New techniques for treating chronic pain, including headaches and neck pain arising from whiplash injuries, could bring relief…

New techniques for treating chronic pain, including headaches and neck pain arising from whiplash injuries, could bring relief to the estimated 10 per cent of Irish people who suffer from it.

It is defined as pain which persists longer than three months and does not respond to conventional treatment.
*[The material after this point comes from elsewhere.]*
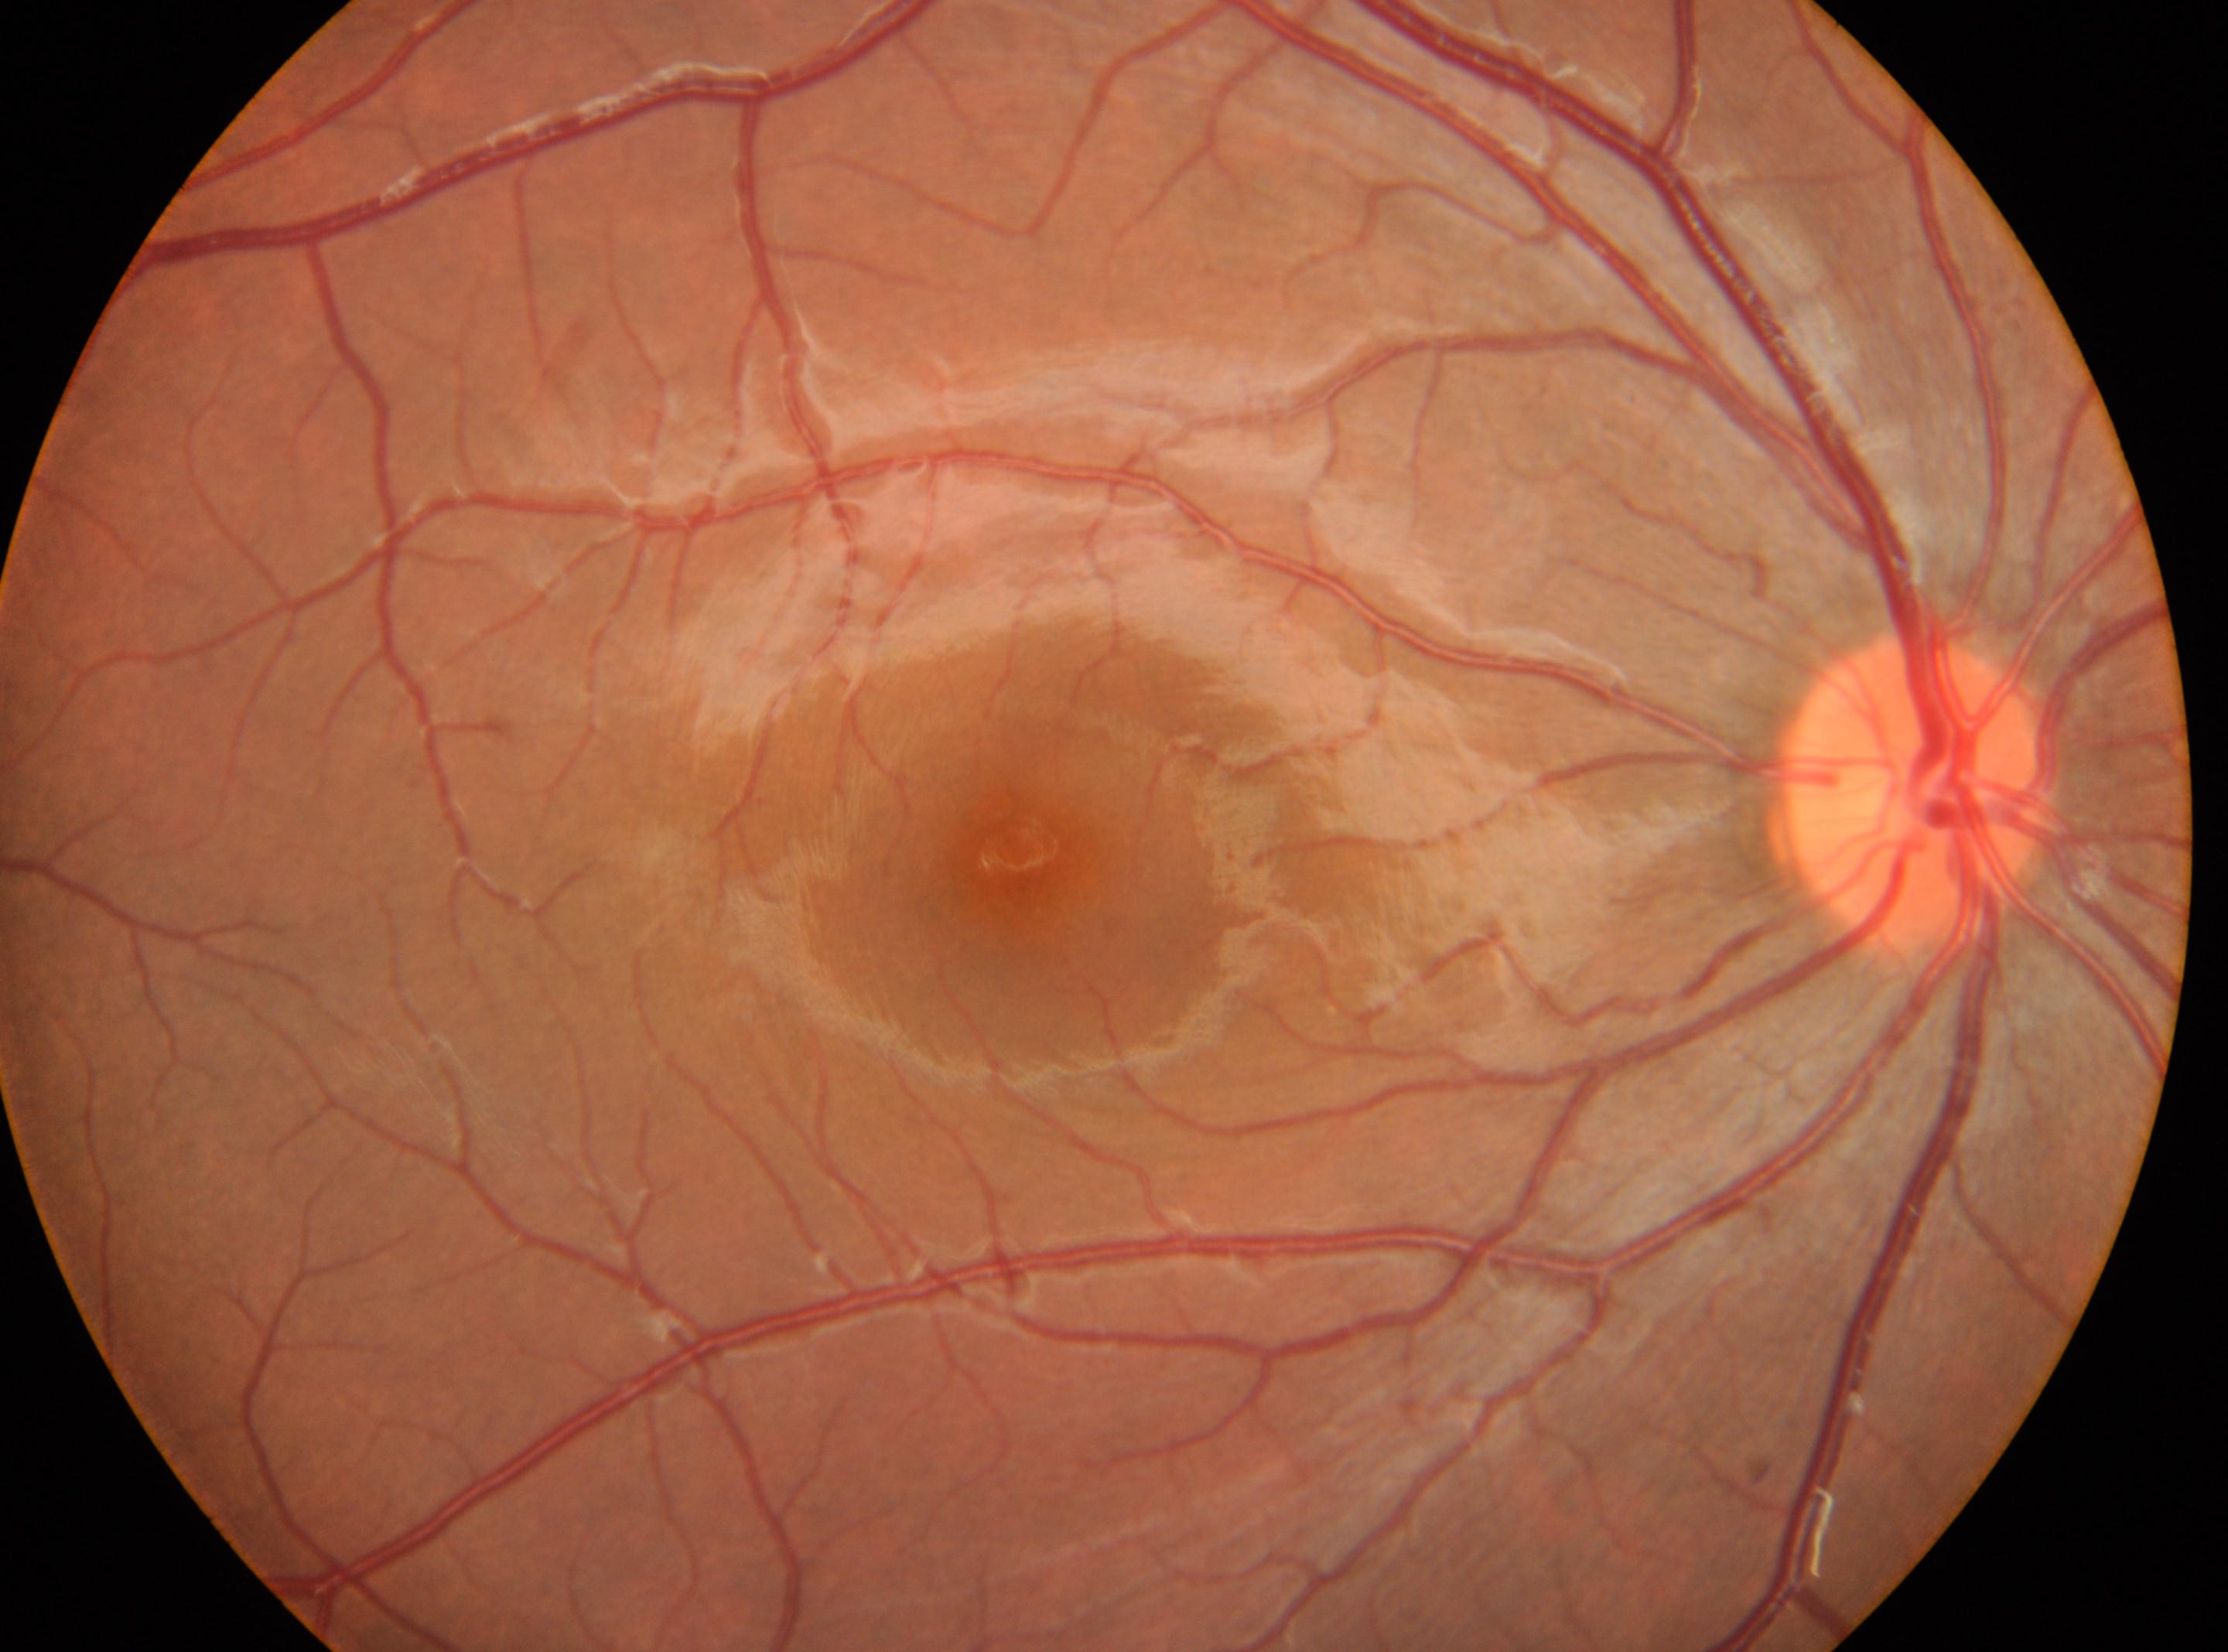
diabetic retinopathy severity: 0/4, optic nerve head: (1917,794), macular center: (1026,860), DR impression: No signs of diabetic retinopathy, laterality: right.

It can result from a road traffic or industrial accident; post operative surgery, systemic diseases, and sports or stress-related injures - sometimes, it appears for no logical reason.

Addressing an international conference on pain management in Ennis, Co Clare, yesterday, Prof Patrick D. Wall of St Thomas's Hospital in London said the classical interpretation that pain came from peripheral tissue and sent a signal to the brain, much in the way a bell is rung, had proved to be "just too simple". His research, and that of other pain specialists, was concentrating on how that message moves from the tissue through the nervous system to the brain. "A lot of things affect it, and the brain itself is controlling the message."

This opened up many possibilities and helped explain why people manifest pain differently. These factors, including the circumstances in which people are injured and dealt with afterwards, had implications for complex therapy needed to treat the patient experiencing chronic pain.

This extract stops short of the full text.